Similarly, allocations to various ministries in the current year show wide difference between the Budget Estimates of 2013-14 and the Revised Estimates of 2013-14.
The grant to the Ministry of Drinking Water and Sanitation are cut down by 21. 3 per cent.
The grant to the Ministry of Health and Family Welfare is cut down by 20.6 per cent. The grant to the Housing and Urban Poverty Alleviation is cut down by 41.97 per cent, Ministry of Home Affairs by 31.3 per cent, Ministry of HRD by Six per cent, Ministry of Road Transport and Highways by 18.72 per cent and Ministry of Rural Development by 22.92 per cent.
These are departments and ministries which relate to the social sector and infrastructure. Only the Ministry of Finance grants have been increased by 18.3 per cent. Then the grants to the states have been cut down from the Budget Estimates of ₹1,36,254 crore to ₹1,19,039 crore — a reduction of 12.6 per cent.

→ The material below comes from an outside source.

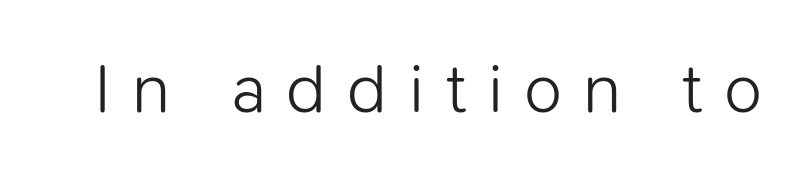
{"serif": "no", "italic": "no", "bold": "no", "weight": "light", "width": "normal", "stroke_contrast": "low", "x_height": "medium", "monospaced": "no", "underline": "no", "letter_spacing": "wide", "letter_spacing_em": 0.3, "glyph_px": 70}
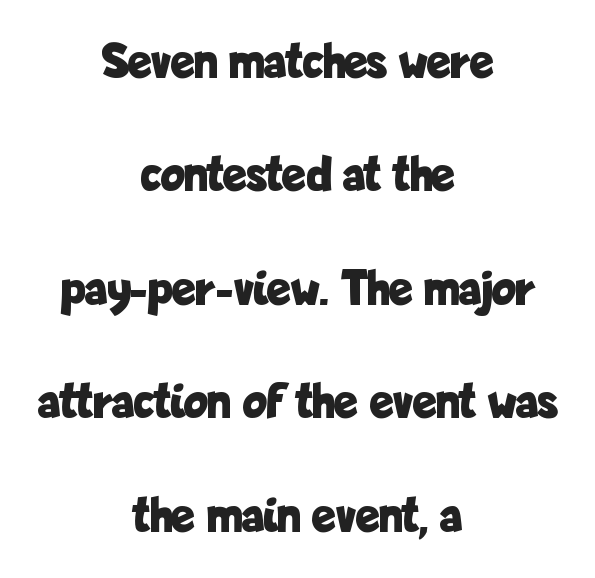
The image shows 50 px bold, condensed sans-serif type, upright; set centered, loose line spacing (2.27x), normal letter spacing, not underlined; low stroke contrast and a medium x-height.
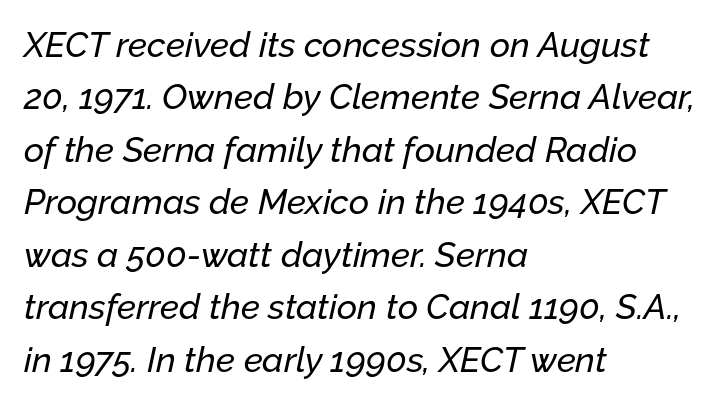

This slowdown in the manufacturing sector remains a huge concern. This directly reflects on job creation. The excise duties in the current year, which were estimated to be ₹1,97,554 crore has now been revised to ₹1,79,538 crore — a reduction of 9.1 per cent.
Papering over problems The Finance Minister has taken credit for the stellar performance of the agriculture sector but the real credit goes to states such as Gujarat, Madhya Pradesh and Chhattisgarh which have consistently given double digit growth rates in agriculture.
The subsidy outgo on food, fertiliser and fuel has been projected at ₹2,46,397 crore for 2014-15. Out of this, fuel subsidy is at ₹65,000 crore, fertiliser at ₹36,970 crore and food subsidy is at ₹1,15,000 crore.
The combined expenditures on all food schemes has been reduced from ₹1,24,844 crore in 2013-14 to ₹1,15,000 crore in 2014-15, representing a fall.
This is much below the expectations under the food security scheme which requires a much larger outlay.
The subsidies in fuel have been underestimated year after year. The Finance Minister has once again rolled over fuel subsidies worth ₹35,000 crore to the next fiscal.
This move is a mere statistical illusion to keep the fiscal deficit look optically correct while its inflationary impact on the economy remains real. The Finance Minister has again harped on the OROP, namely the one rank one pension scheme and transferred ₹500 crore to the Defence Pension Account. The UPA Government has been paying lip service to the cause of defence personnel.
In the earlier Budget in 2009-10, a committee was set up and its recommendations were promised to be implemented. But the grievances remained as the approach was half-baked. Again the Finance Minister has promised that this cause has been completely addressed in this Budget. There should be no attempt to play with the aspirations of our Armed Forces.
Even though the Vote-on-Account is only for a period of four months, there are serious concerns on the growth rate, real fiscal deficit, inflation, investment and the slowdown in the manufacturing sector.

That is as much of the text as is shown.